Fraction of manure-nitrogen attributed to crops
A partnership led by AEA Technologies made a report for DG-ENV,‘Study on variation of manure N efficiency throughout Europe’ (AEA, 2011).
In particular it shows a table (table 16, repeated as table 3 in the summary) which shows different Member States’ estimates of the fraction of N in different types of fertilizer that is released in the year it is applied. We calculated an average value of 42%, weighted by the application (in terms of N) of each type of manure in each EU country; data we derived from EUROSTAT.
However, crops also receive nitrogen from manure that was applied in previous years, and this should be taken into account (AEA, 2011), because it also contributes to the total nitrogen supply and reduces the average requirement for synthetic nitrogen. AEA
depending principally on the rainfall, temperature and nature of the manure. The report concludes “Most authors reported only small percentages of N availability for successive years most of them being c. 2-3% of extra N available per year reaching average values from 60 to 80% for the total N recovery in a 6 to10 year period.”

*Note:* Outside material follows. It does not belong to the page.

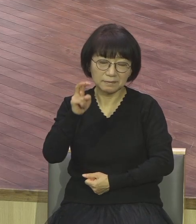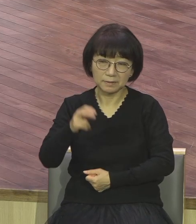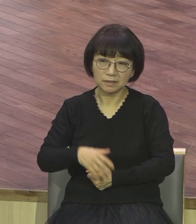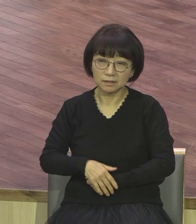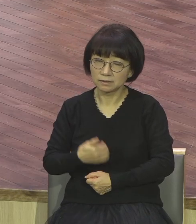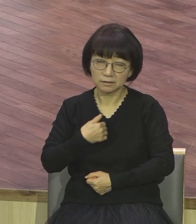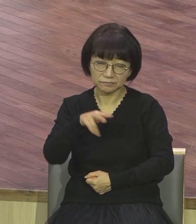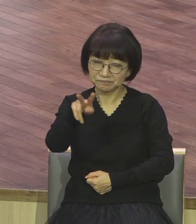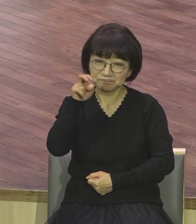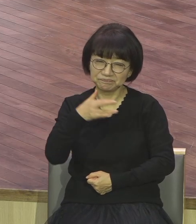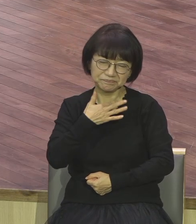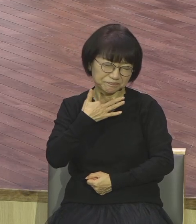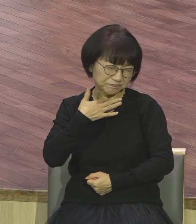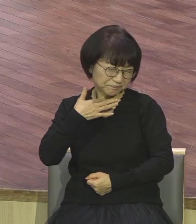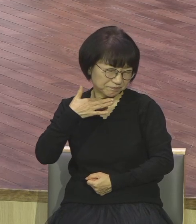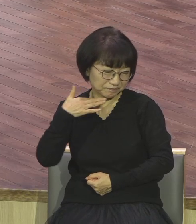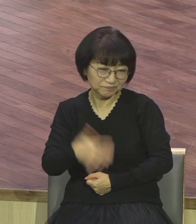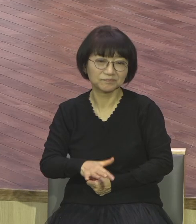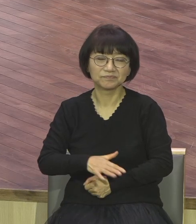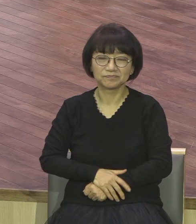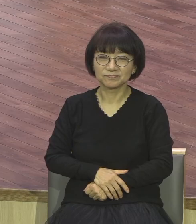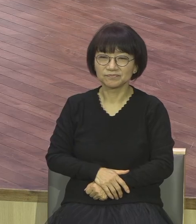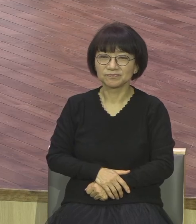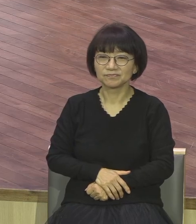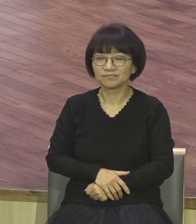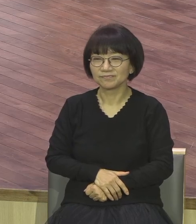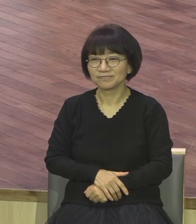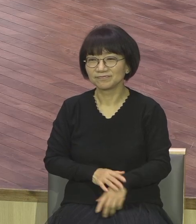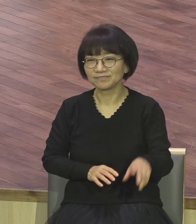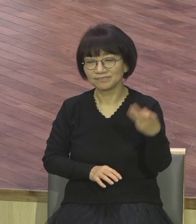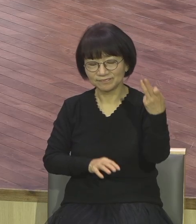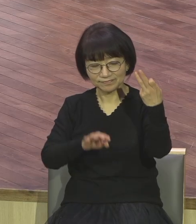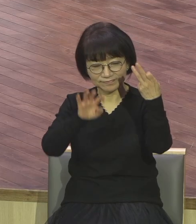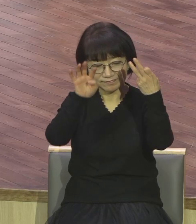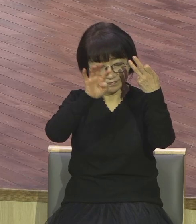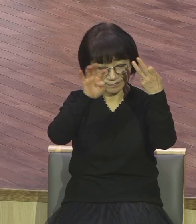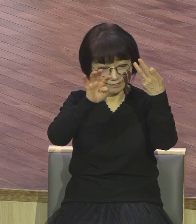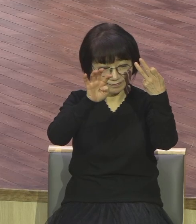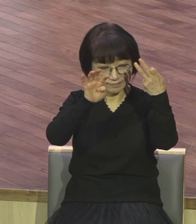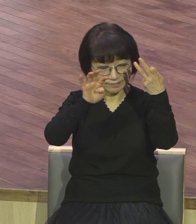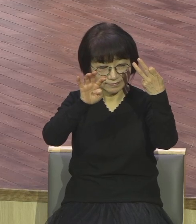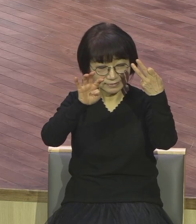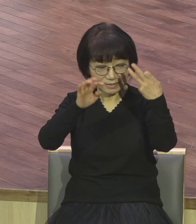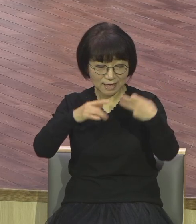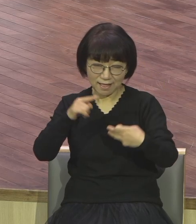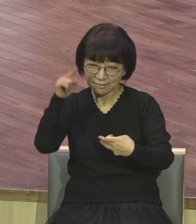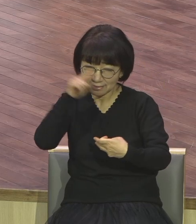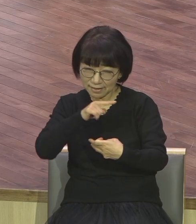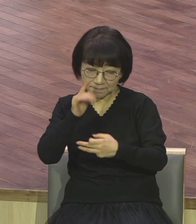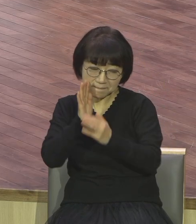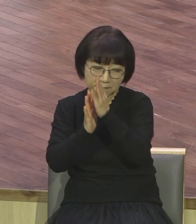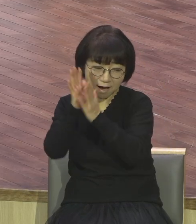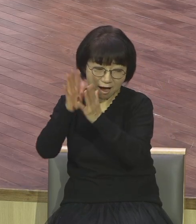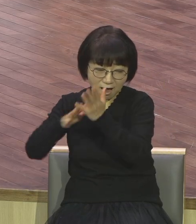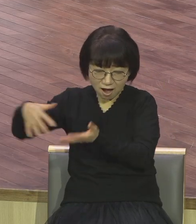자 40줄로 43절을 보세요 그런 저 가라지를 거두어 불에 사르는 것 같이 세상

This would indicate the correct fraction of manure-N to consider in cultivation emissions is 60-80%. But this may be slightly exaggerated, because most of the authors they review also reported higher-than-average N availabilities in the first year. However, it is reasonable to conclude that the % N released in subsequent years is at least (2% for 6 years = 12%). Adding this to the average release of 42% of the nitrogen in the first year indicates a total N release from manure of at least 54%. We take the round figure of 50% because the Member States’ estimates of % nitrogen availability in the AEA report are almost all rounded to the nearest multiple of 10%.
Therefore, in using the GNOC tool to calculate the average contribution of N from manure to the N2O emissions from crops, we consider half the N content of the manure. In the GNOC methodology this approximately halves the contribution of manure to N2O emissions in cultivation.
In processing GNOC data, we need to make an additional assumption about how the manure is distributed to different crops, for all countries. The only international data on N applications we have per-crop per-country is for synthetic N, so we need to find a relation between manure application and synthetic nitrogen application.
For a given country, we assume that the ratio of (manure N)/(synthetic N) is the same for all crops. This assumption gives estimates of manure use per crop which are closer to those reported in national surveys than our previous assumption that assumed the same kg manure per hectare for all crops in a region. (This assumption was adopted in JEC- WTWv4 and the draft input data for update of RED annex V, presented to stakeholders in April 2013: however we realized that it systematically over-estimated manure on low- intensity crops). Nevertheless USDA, 2009, as well as European manure use surveys, (DEFRA, 2016 and AGRESTE, 2014), show variations in the fraction of manure used for different crops, which vary by country and which we cannot fully capture with a general rule that can be applied to all countries.
Our data on synthetic nitrogen use is ultimately derived from sales data, so it is independent of the amount of manure used on a crop. That means assuming a higher fraction of N from manure for a crop would not decrease the amount of synthetic fertilizer in the calculations.